[LATIN AMERICAN AVANT-GARDE – ART THEORY] Antología de la poesía Madí [Anthology of Madí poetry]. Inscribed by Kosice.
Buenos Aires: Arte Madí, 1955. Octavo (20.2 × 16.5 cm). Original pictorial wrappers with a reproduction of a photogram by Guillermo Adolfo Gutierrez; 138 pp. printed on brown wrapping paper and white art paper with numerous photographic portraits of the featured Madí members. Title page with handwritten dedication by Gyula Kosice to Manuel Álvarez (1923–2013, editor of the Argentinian art magazine “Arte Nuevo”). Wrappers worn, with front wrapper nearly detached; overall signs of wear; text toned; still about good. Item #54491
The movement made its first public appearance in the art world in 1944 with the journal "Arturo", which had its own unique program, although only one issue was published. The central figures of this new movement in Latin America were Gyula Kosice (1924–1916), Carmelo Arden Quin (1913–2010), and Rhod Rothfuss (1920–1969). The group's declared aim was not only to overcome expressionist, realistic, and romantic formal languages, but also, in the spirit of Concrete Art, to abandon any form of representation – the works should neither represent nor express anything. However, the Argentinians broke new ground. Characteristic for them was, of all things, the negation of the rectangular frame, which not only posed no problem for the continental representatives of this movement, but also fitted in well with their program of (mechanical) standardization of art and everyday life. The rectangular frame was virtually pars pro toto for the striving for typification of individual elements in art. (On this and the following: Perazzo, Nelly, and William Schwaller. "Arte Madí." Grove Art Online. 2003; Accessed 5 Jul. 2024.)

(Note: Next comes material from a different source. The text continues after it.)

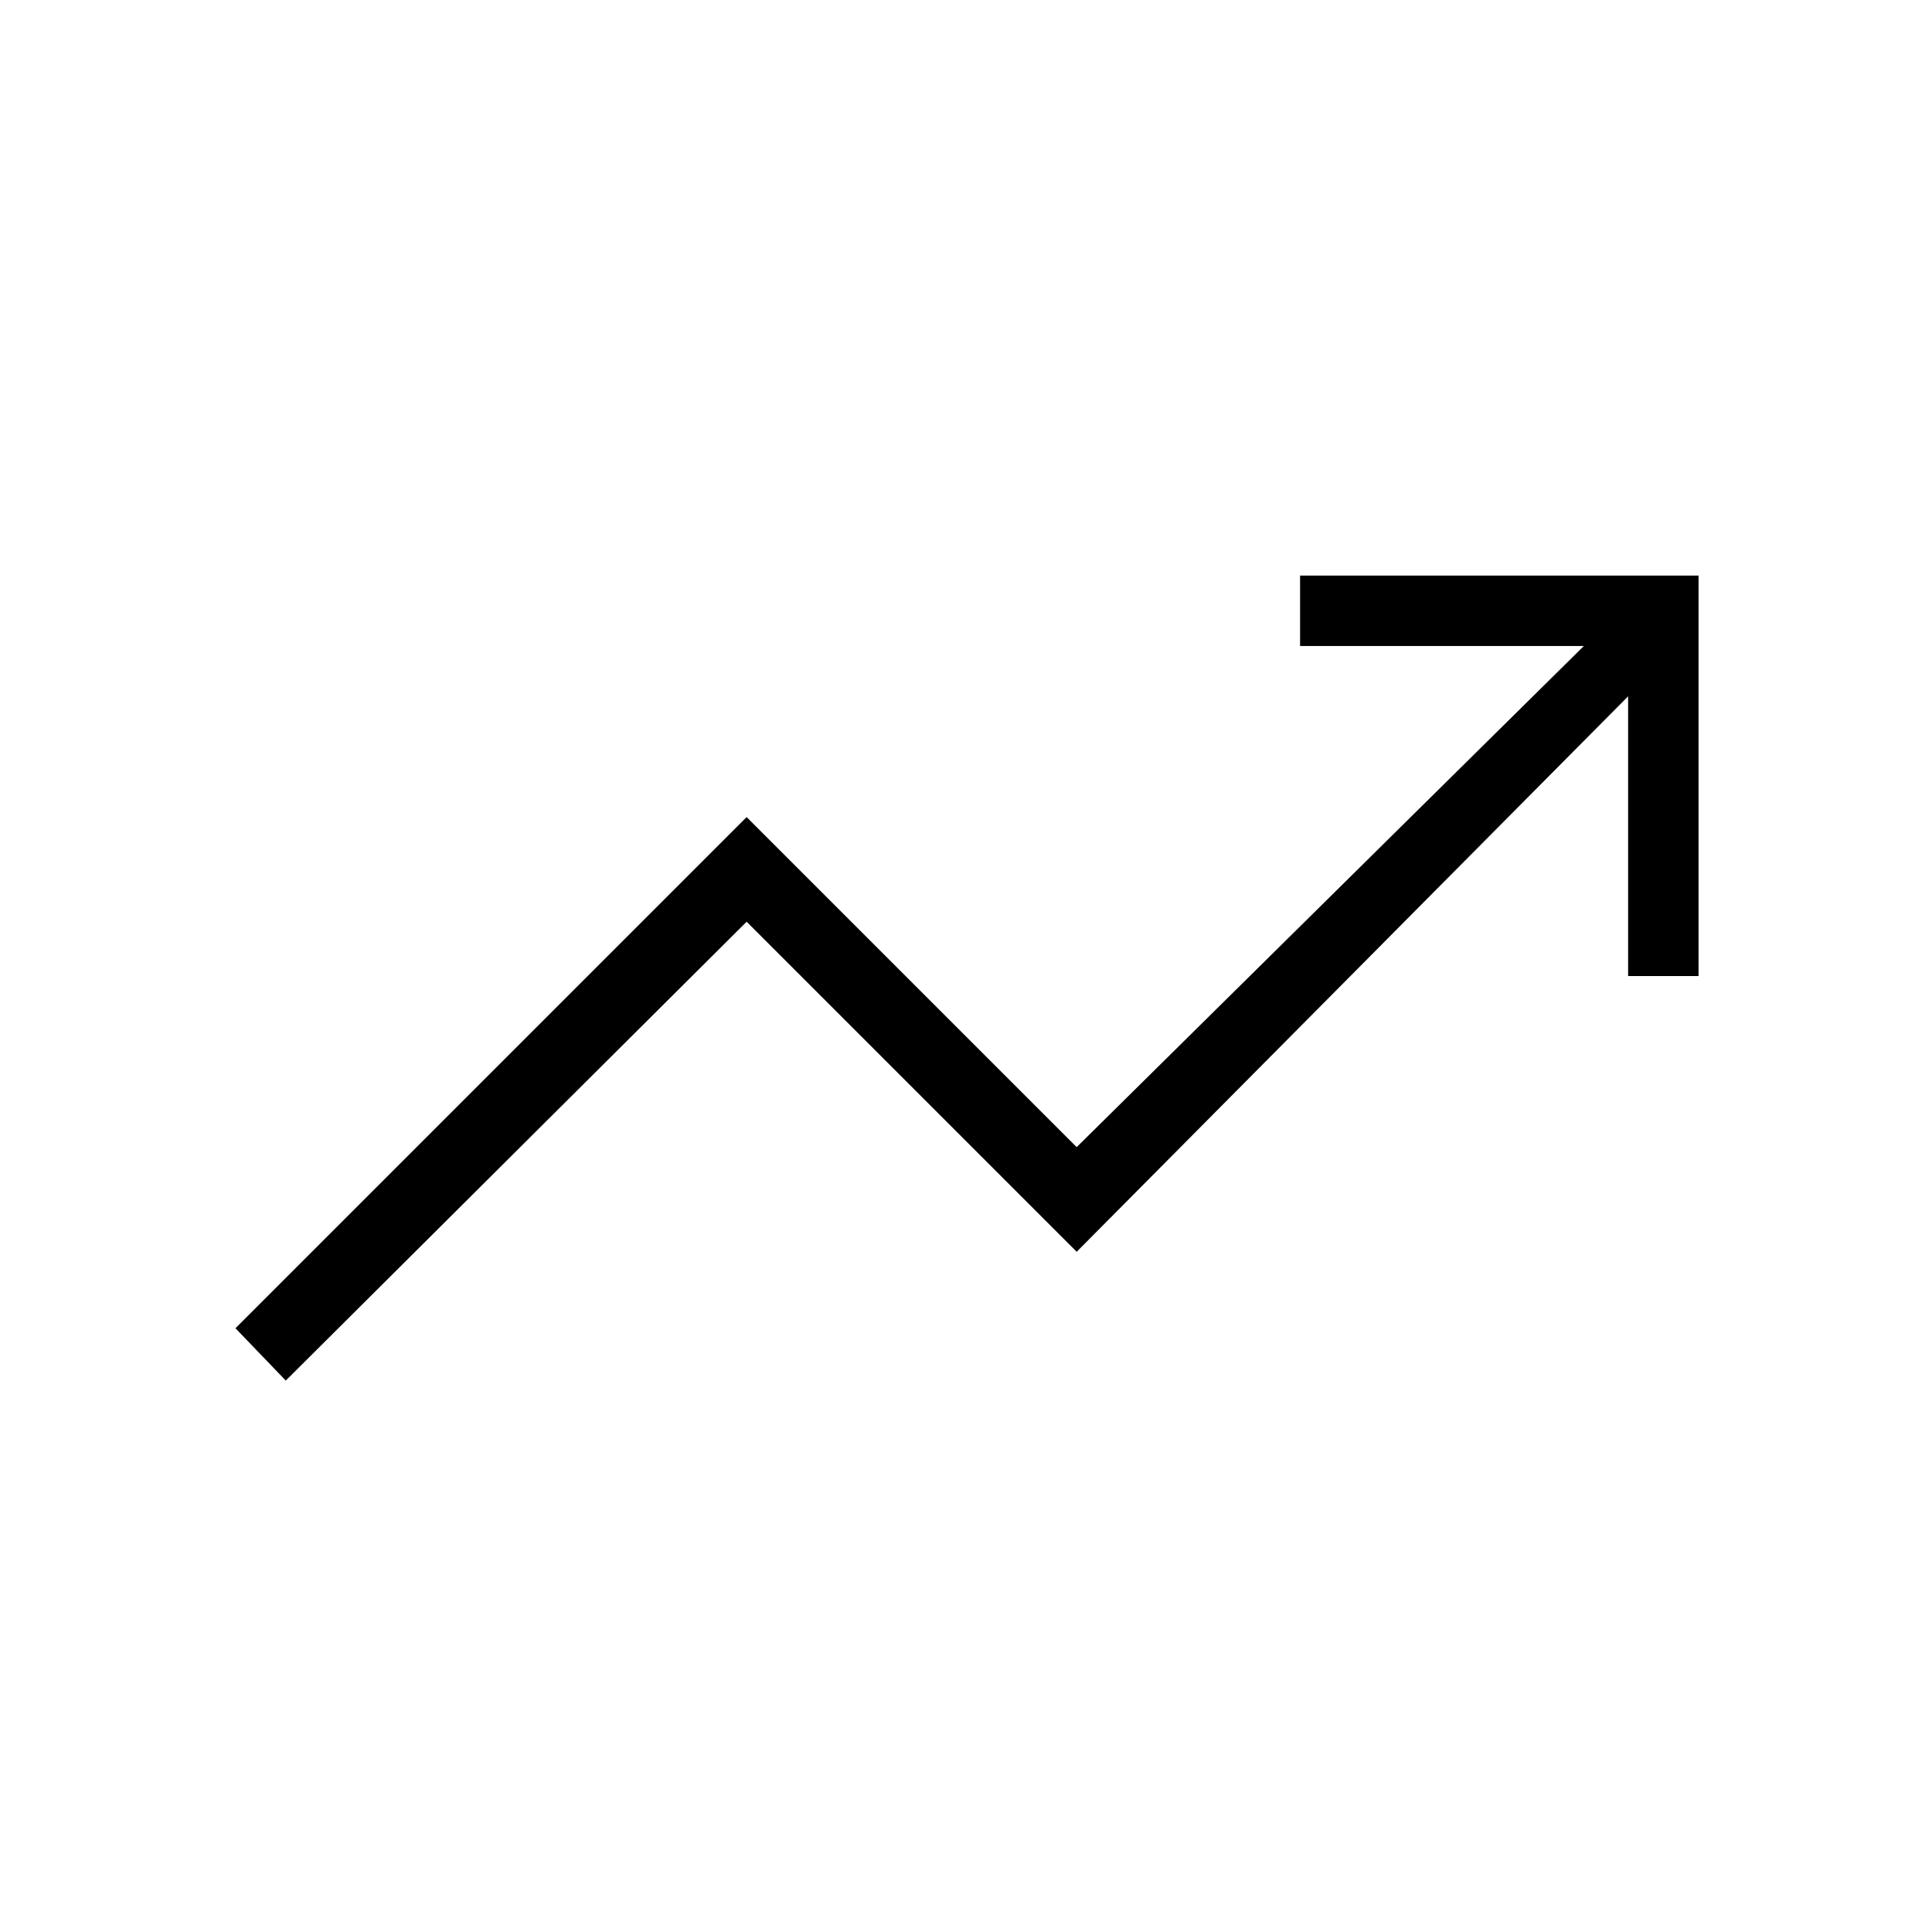 <svg xmlns="http://www.w3.org/2000/svg" height="24px" viewBox="0 -960 960 960" width="24px" fill="#000000"><path d="m142-274-25-26 254-254 164 164 252-249H646v-35h198v199h-35v-139L535-338 371-502 142-274Z"/></svg>

However, the Argentines saw the right-angled frame as a contradiction to their efforts to banish all representation from art. They recognized in the right angles of the frame strips the art theory of the early modern period, which defined the picture as "una finestra aperta" (an open window). Rothfuss contrasted Leon Battista Alberti's "finestra aperta" with the "marco recortado" ("structured frame"), which was, as it were, nestled against the irregular, polygonal, and geometric compositions. The Argentinians were thus a decade ahead of the North American abstract artists. Moreover, Košice was a pioneer in the use of new industrial materials such as Plexiglas and neon light.
Following disagreements within the group surrounding the "Arturo" project, part of the group split off and founded the "Asociación Arte Concreto – Invención" (Association of Concrete Art and Invention). The remaining artists, including Rothfuss, Košice and the composer Estéban Eitler (1913–1960), adopted the name "Madí", a neologism similar to "Dada". Some believe it to be an abbreviation for "Movimiento de Arte de Invención". The group first became visible in Buenos Aires in June 1946, when they announced their solo exhibitions with programmatic flyers. The first large group exhibition with manifestos, paintings, sculptures, poems and architectural models as well as music and dance performances took place just a few weeks later in August of the same year. As early as 1948, the group was also able to present itself to the European public at the "Salon des réalités nouvelles" in Paris, after Arden Quin had emigrated to Paris. Even though Argentinian Concrete Art went its own way, the movement was still linked to the continental avant-gardes. One of her comrades-in-arms, for example, was the photographer Grete Stern, who had emigrated from Germany, studied in Walter Peterhans' class in Dessau and Berlin on the recommendation of Otto Umbehr until the Bauhaus was closed, and then founded the famous photo studio "ringl + pit" with her fellow student Ellen Auerbach.
However, Argentinian Concrete Art was not only influenced by the European avant-gardes, but also played a decisive role in shaping them. One of the initiators of "Arturo" and co-founder of the Madí counter-project "Asociación Arte Concreto-Invención", the painter and designer Tomás Maldonado (1922–2018), was appointed by Max Bill to the "Ulmer Hochschule für Gestaltung" (which inherited the Bauhaus) and was ultimately its rector. In Ulm, he belonged to a group such as Otl Aicher, who called for a closer connection between design, science and technology. After his time in Ulm he worked for the pioneering company "Olivetti", where he designed icons for data processing. Today, he is considered a key and leading figure of design culture in Italy. (AKL LXXXVI, 2015, 458.).